Datatopia: 2017

vrijdag 1 september 2017

Harvesting metadata from OAI-PMH repositories

OAI-PMH (Open Archives Initiative Protocol for Metadata Harvesting is a commonly used protocol for harvesting metadata. Many institutions like libraries, universities and archives use OAI-PMH to offer public access to metadata records.

To facilitate harvesting and processing metadata from OAI-PMH repository I wrote a bash shell script that should run an any Unix based environment like Macs and Linux, and probably even on Windows 10 using the Linux subsystem. A special feature of this script, oai2linerec.sh available through GitHub, is that is stores the harvested records in a single file. Often, a single file will be much easier and faster to process than thousands of separate files. Of course, storing metadata in a database will make it much more complex to process and analyse the data.

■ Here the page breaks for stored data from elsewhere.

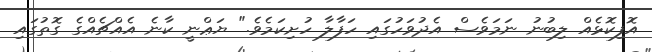
އޮފިކޮޅެއް ލިބުނު ނަމަވެސް އެދުވަހުގައި ހަފާލާ ހުށިކަމެވެ." ޔަޢްނީ ކާނެ އެއްޗެއްގެ ގޮތުގައި
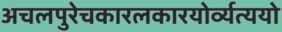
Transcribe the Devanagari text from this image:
अचलपुरेचकारलकारयोर्व्यत्ययो
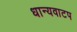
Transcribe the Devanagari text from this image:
धान्यवाटप
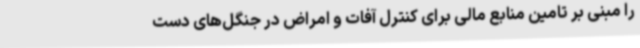
را مبنی بر تامین منابع مالی برای کنترل آفات و امراض در جنگل‌های دست
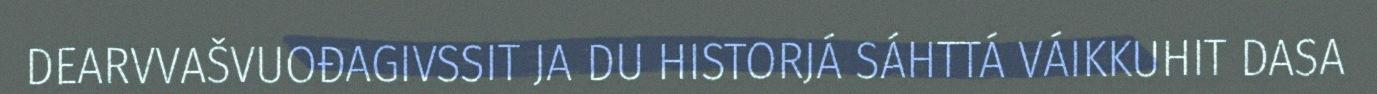
DEARVVAŠVUOĐAGIVSSIT JA DU HISTORJÁ SÁHTTÁ VÁIKKUHIT DASA
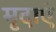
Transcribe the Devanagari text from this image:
मृदाएं
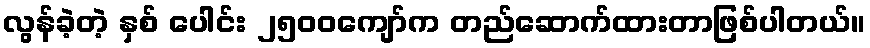
လွန်ခဲ့တဲ့ နှစ် ပေါင်း ၂၅၀၀ကျော်က တည်ဆောက်ထားတာဖြစ်ပါတယ်။
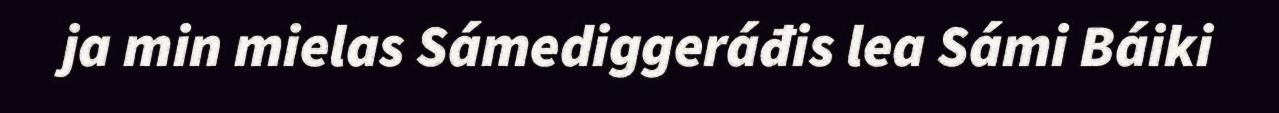
ja min mielas Sámediggeráđis lea Sámi Báiki
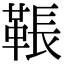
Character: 䩨
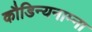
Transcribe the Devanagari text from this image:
कौडिन्यनाम्ना
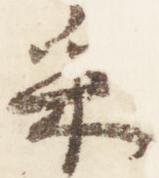
采
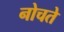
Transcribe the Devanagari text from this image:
नोचते
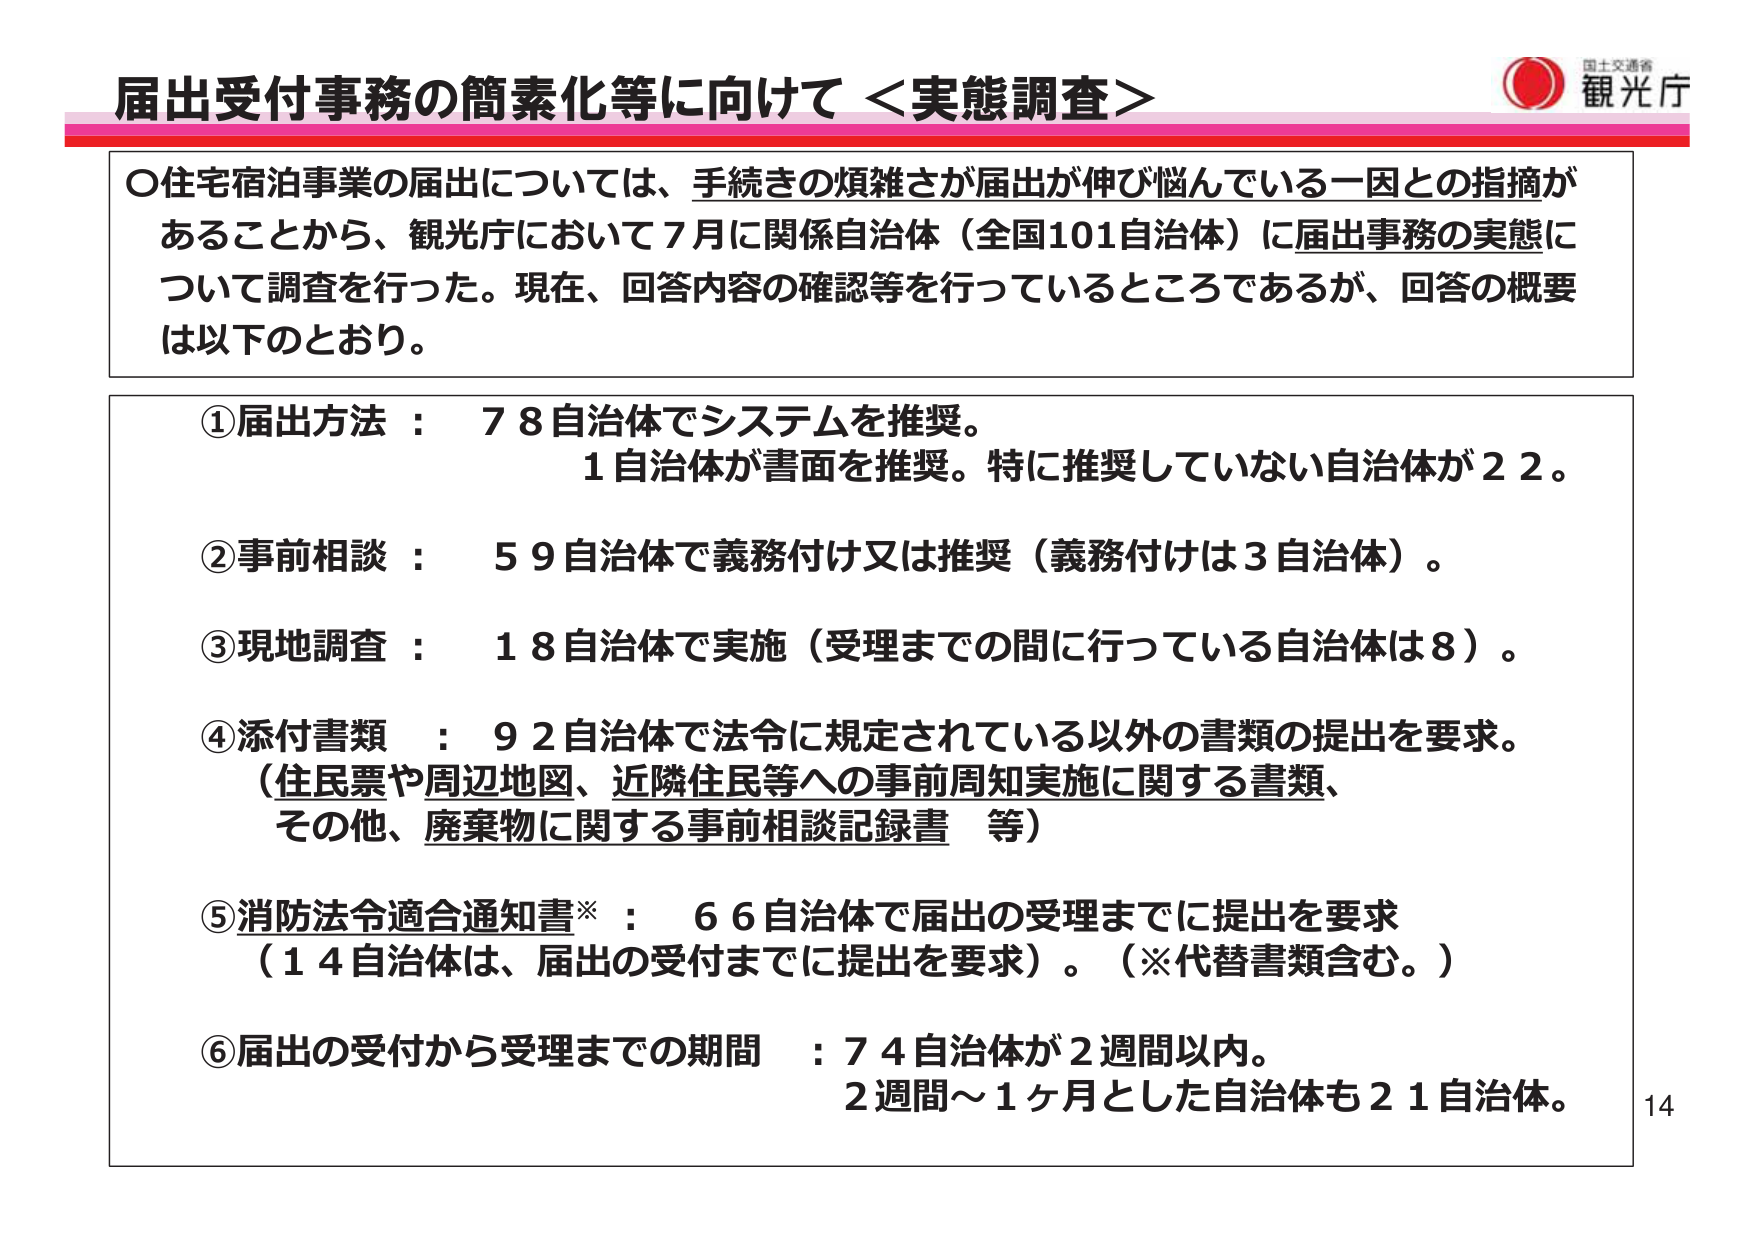
届出受付事務の簡素化等に向けて＜実態調査＞

○住宅宿泊事業の届出については、手続きの煩雑さが届出が伸び悩んでいる一因との指摘があることから、観光庁において7月に関係自治体（全国101自治体）に届出事務の実態について調査を行った。現在、回答内容の確認等を行っているところであるが、回答の概要は以下のとおり。

①届出方法：78自治体でシステムを推奨。
1自治体が書面を推奨。特に推奨していない自治体が22。

②事前相談：59自治体で義務付け又は推奨（義務付けは3自治体）。

③現地調査：18自治体で実施（受理までの間に行っている自治体は8）。

④添付書類：92自治体で法令に規定されている以外の書類の提出を要求。
（住民票や周辺地図、近隣住民等への事前周知実施に関する書類、
その他、廃棄物に関する事前相談記録書 等）

⑤消防法令適合通知書※：66自治体で届出の受理までに提出を要求
（14自治体は、届出の受付までに提出を要求）。（※代替書類含む。）

⑥届出の受付から受理までの期間：74自治体が2週間以内。
2週間～1ヶ月とした自治体も21自治体。

14

国土交通省
観光庁
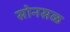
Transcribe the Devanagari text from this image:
सोनसळ
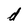
Character: d
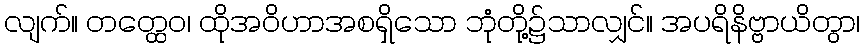
လျက်။ တတ္ထေဝ၊ ထိုအဝိဟာအစရှိသော ဘုံတို့၌သာလျှင်။ အပရိနိဗ္ဗာယိတွာ၊
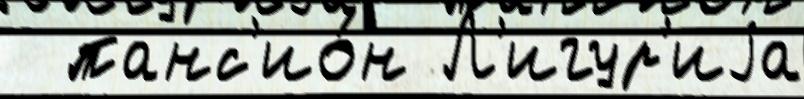
  панс'ио́н Л'игур'иjа
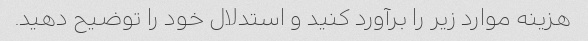
هزینه موارد زیر را برآورد کنید و استدلال خود را توضیح دهید.
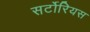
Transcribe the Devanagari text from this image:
सर्टोरियस
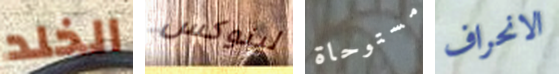
الخلد لينوكس مستوحاة الانحراف
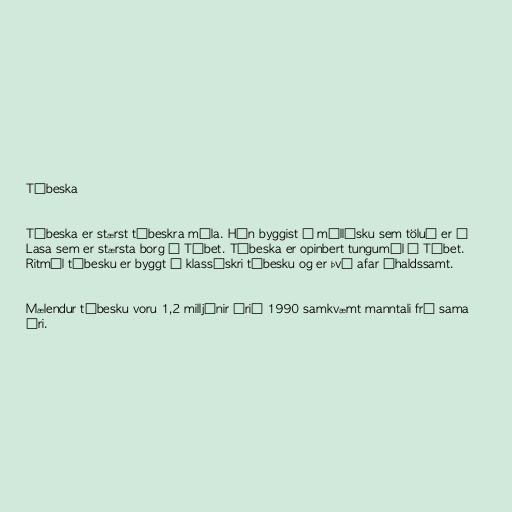
Tíbeska

Tíbeska er stærst tíbeskra mála. Hún byggist á mállýsku sem töluð er í
Lasa sem er stærsta borg í Tíbet. Tíbeska er opinbert tungumál í Tíbet.
Ritmál tíbesku er byggt á klassískri tíbesku og er því afar íhaldssamt.

Mælendur tíbesku voru 1,2 milljónir árið 1990 samkvæmt manntali frá sama
ári.
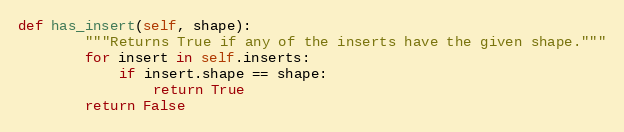
Language: Python
def has_insert(self, shape):
        """Returns True if any of the inserts have the given shape."""
        for insert in self.inserts:
            if insert.shape == shape:
                return True
        return False
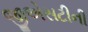
જીએસટીની
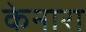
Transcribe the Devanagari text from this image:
केनारा
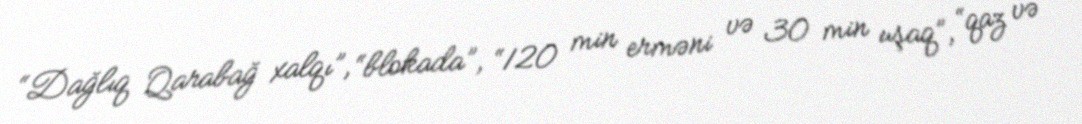
“Dağlıq Qarabağ xalqı”, “blokada”, “120 min erməni və 30 min uşaq”, “qaz və
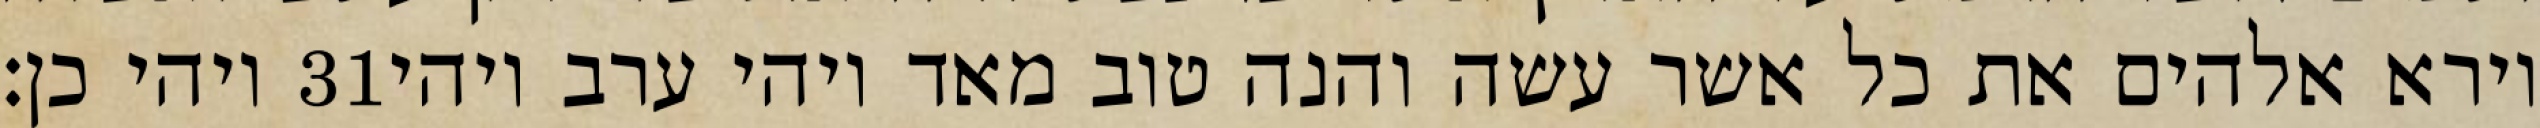
ויהי כן׃ ‎31‏ וירא אלהים את כל אשר עשה והנה טוב מאד ויהי ערב ויהי
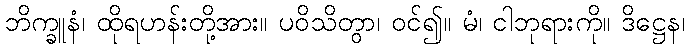
ဘိက္ခူနံ၊ ထိုရဟန်းတို့အား။ ပဝိသိတွာ၊ ဝင်၍။ မံ၊ ငါဘုရားကို။ ဒိဋ္ဌေန၊
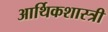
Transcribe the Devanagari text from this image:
आर्थिकशास्त्री
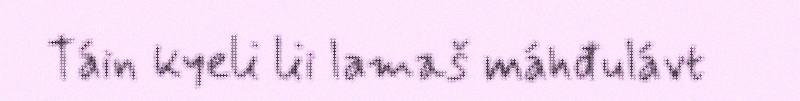
Táin kyeli lii lamaš máhđulávt
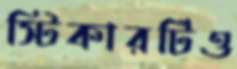
স্টিকারটিও

The trick of oai2linerec.sh is that is serializes each XML metadata record to a single line. A single file can be processed with a few lines in bash like:

#!/bin/bash

# set IFS to use only newlines as separator, store prev. IFS:
storedIFS=$IFS
IFS=$'\n'

# now walk through each line of input.txt
for line in `cat input.txt` ; do
    # this example just sends the record to xmllint 
    # to present is nicely formatted:
    echo $line | xmllint --format -
done

#restore IFS
IFS=$storedIFS

To save space when harvesting big metadata repositories, oai2linerec.sh can optionally also compress each line (record) separately. Processing such a file is as easy as typing zcat in stead of cat:

# now walk through each line of input.txt.gz
for line in `zcat input.txt.gz` ; do
    echo $line | xmllint --format -
done

To further speed up the processing of the metadata, use tools like parallel, have a look at A beginners guide to processing 'lots of' data.

vrijdag 3 maart 2017

Fixing dockerfile issues running macOS

I have become a great fan of Docker as an easy way to test software and to run various development enviroments on the Mac. However, not all docker images that are available through dockerhub / Kitematic work out of the box on the Mac. The issues I've come across are generally linked to one or two causes:

Images need to explicitly expose a port when running on the Mac.
Exposed volumes don't always work as expected.

For both issues I've found a solution.

Exposing ports

As stated, dockerfiles on macOS need to explicitly expose the ports they listen to. So the original Dockerfile MUST have a statement like

EXPOSE 30000

If it doesn't, you can fix this by creating you own Dockerfile and building you own image. In this example we'll do this to fix the ascdc/iiif-manifest-editor Dockerfile. First, create a folder to store the new Dockerfile. Now create a Dockerfile with simply this content:

FROM ascdc/iiif-manifest-editor
EXPOSE 3000

That is all! Now just use this to build your image:

docker build -t myimage .

Run this container:

docker run -d -p 3000:3000 --name mycontainer myimage

The container will now be available at http://localhost:3000 with your browser on macOS.

Fixing volume-related issues

Directories inside a docker container can be exposed on macOS through the VOLUME directive in the Dockerfile. Unfortunately, data in this volume can't always be accessed properly in Docker. For example tenforce/virtuoso exposes a volume that is actually a symbolic link to an other folder. Docker on macOS doesn't properly deal with that. My solution was to create my own Dockerfile (as explained above) that exposes not the symlinked directory but the original directory the symlink points to. For virtuoso I also had to explicitly expose the ports so it ended up like:

FROM tenforce/virtuoso
VOLUME /var/lib/virtuoso/db
WORKDIR /var/lib/virtuoso/db
EXPOSE 8890
EXPOSE 1111

Given this incompatibility between the filesytems used by Docker and macOS you will probably run into problems when for example you try to have a MySQL container store it datafiles on the macOS side. Preferably just keep them inside the container.